Go through your house or closet and remind yourself of past purchases that still make you happy. You might be surprised that many things you thought of as “investment” pieces did not bring about as much happiness or return-on-investment as expected.  You might also get a small dose of happiness from old purchases and not feel the need to buy new things.  At least that’s what I was hoping when I wrote this post (inspired by my new spending mentality due to “Your Money or Your Life” Regular readers will be tired of my constant reference to this book by now).

So here goes my list of old purchases that still make me happy:

  1. Peacoat: A classic in blue that I got a good deal on
  2. Leather boots from Italy: Pretty and classic; needs a little shine!
  3. Party dress:  Looks like new because I only wore it once! I wish I had occasion to wear it again.
  4. Bathroom Cabinet: A small change that greatly updated our bathroom.
  5. Sweater Dress: Still pretty new. An excellent deal and so comfortable!
  6. Selected DVDs of classic TV shows: I can watch some shows over and over again.  Which reminds me of #7…
  7. Old books that I can re-read and that I never get bored of.
  8. Black fake leather purse: Maybe I’m too old for fake leather but I love it and don’t care. It’s sporty but still OK for work environments.
  9. Shiny black leather flats: I think I love it more because it’s from a designer brand.  The cobbler was doubtful about adding shoe taps on it until he turned it around and saw that it was made in Italy.
  10. Red Land’s End sweater: Work appropriate yet so comfortable. 
  11. Gray cardigan: I wear this all the time.  Hides the butt which makes it very practical, too.
  12. Dark jeans: It’s on the skinny jean side and I’m sure that trend is over but I do love it.

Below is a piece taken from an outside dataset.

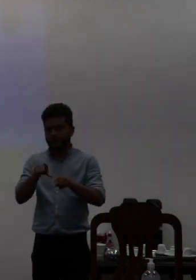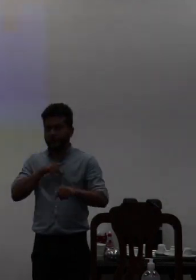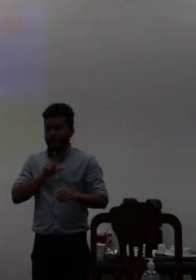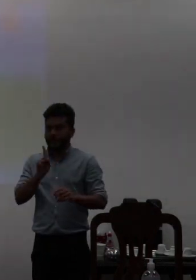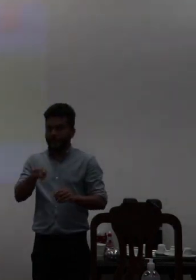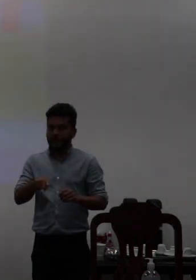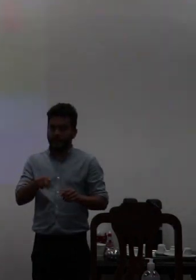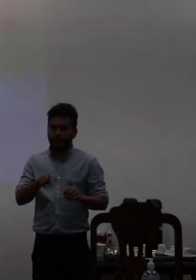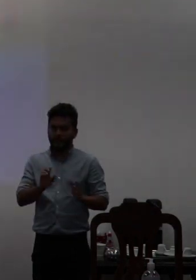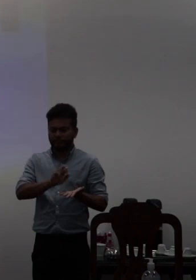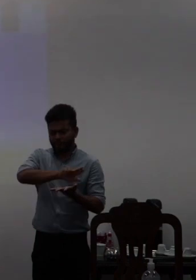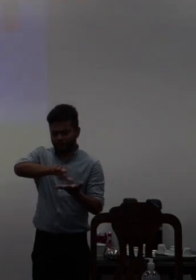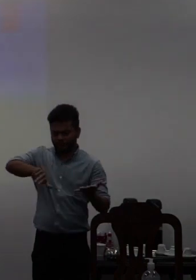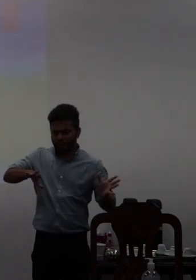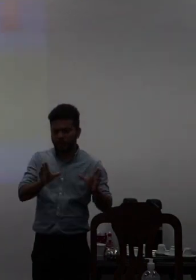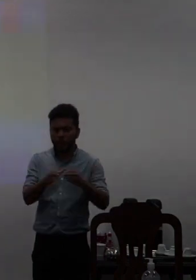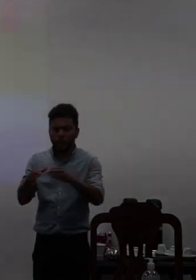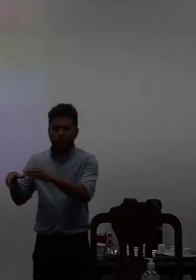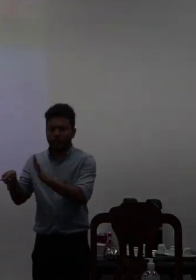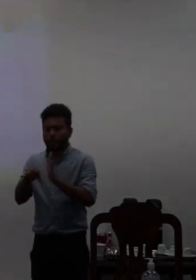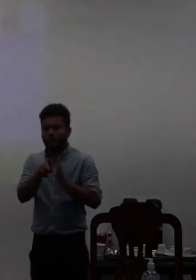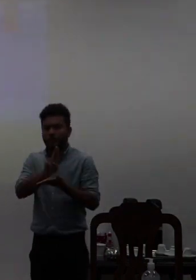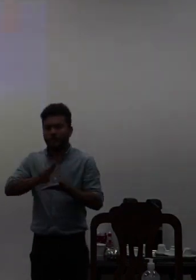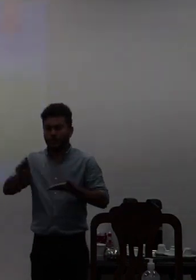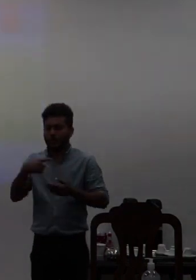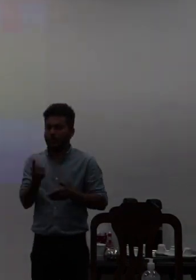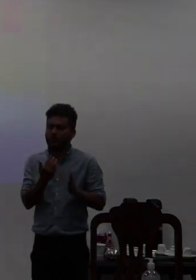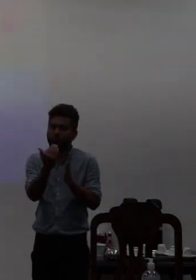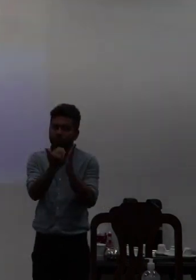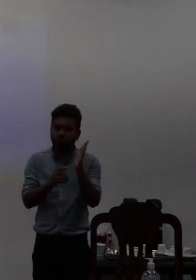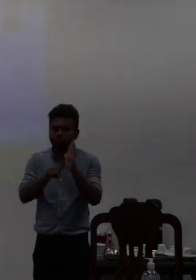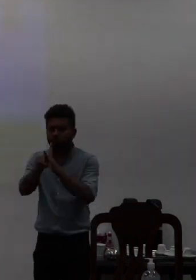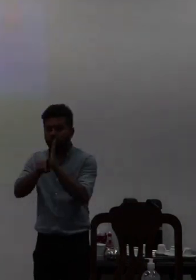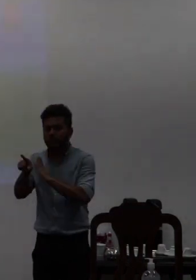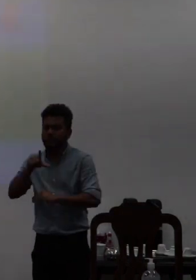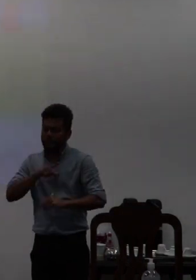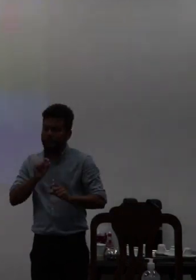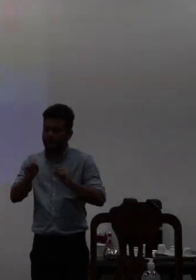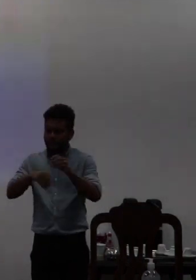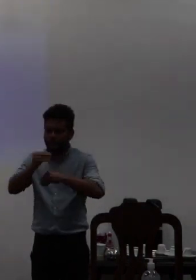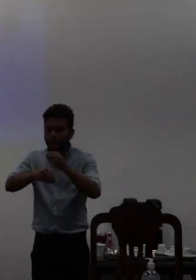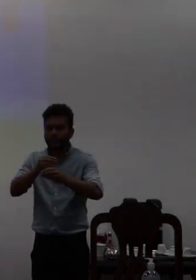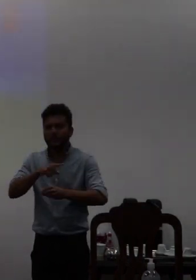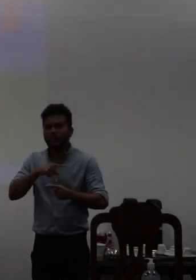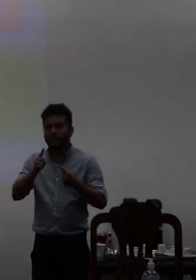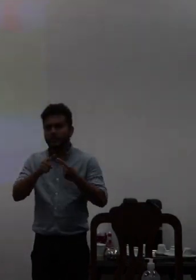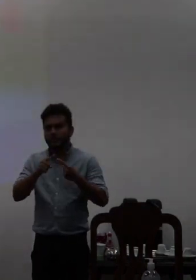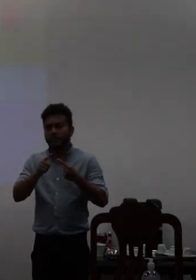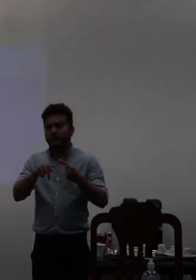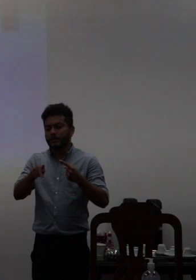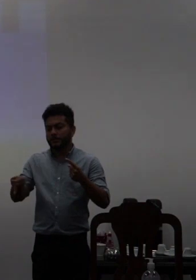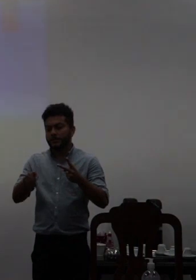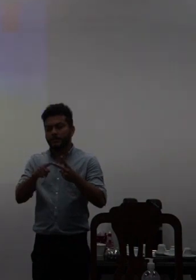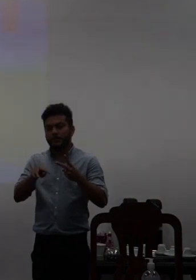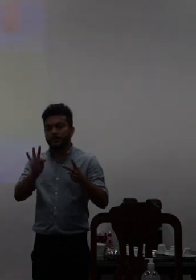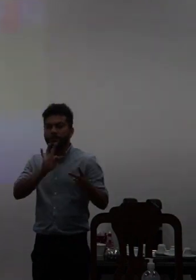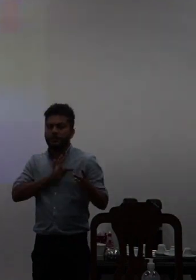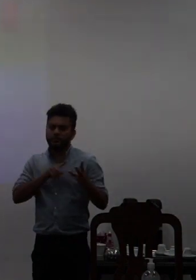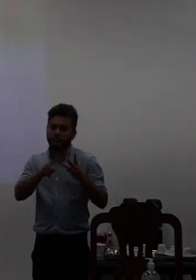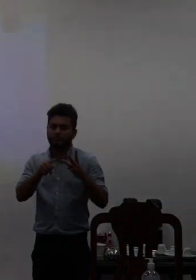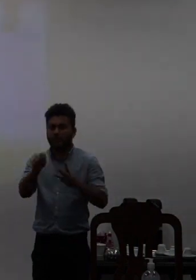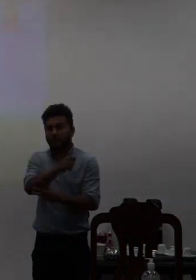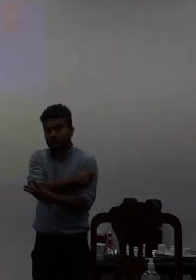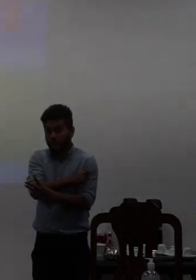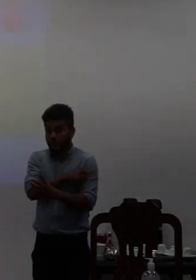categorias da universidade então nosso questionário ele atendia os docentes os técnicos administrativos os

Just by doing this quick exercise, I realized that love for stuff can wear off pretty quickly.  For example, a pretty blouse from one of my favorite designers would have definitely made this list just two years ago.  It’s still in good shape but I don’t wear it as often anymore for some reason so I can’t say that I love it.

Ironically, in some cases, the more I’ve worn something, the more likely it will fall off the list because it doesn’t look shiny and new anymore.  Since I’m a complicated person (haha), I can also say that if an item does not get that much use, I love it less because it did not meet my expectations in some way.

Furnishings did not make the cut because my kids destroy furniture.  My favorite pillow is stashed in a closet out of reach and I’m tempted to sell or give it to someone who can really appreciate it.

Technology wasn’t included but I admit that I love the use I get out of various tech stuff.  I would give up many things before cutting internet access!

What old things are making you happy right now?  Please include clothing items, shoes, and purses so that I don’t feel shallow.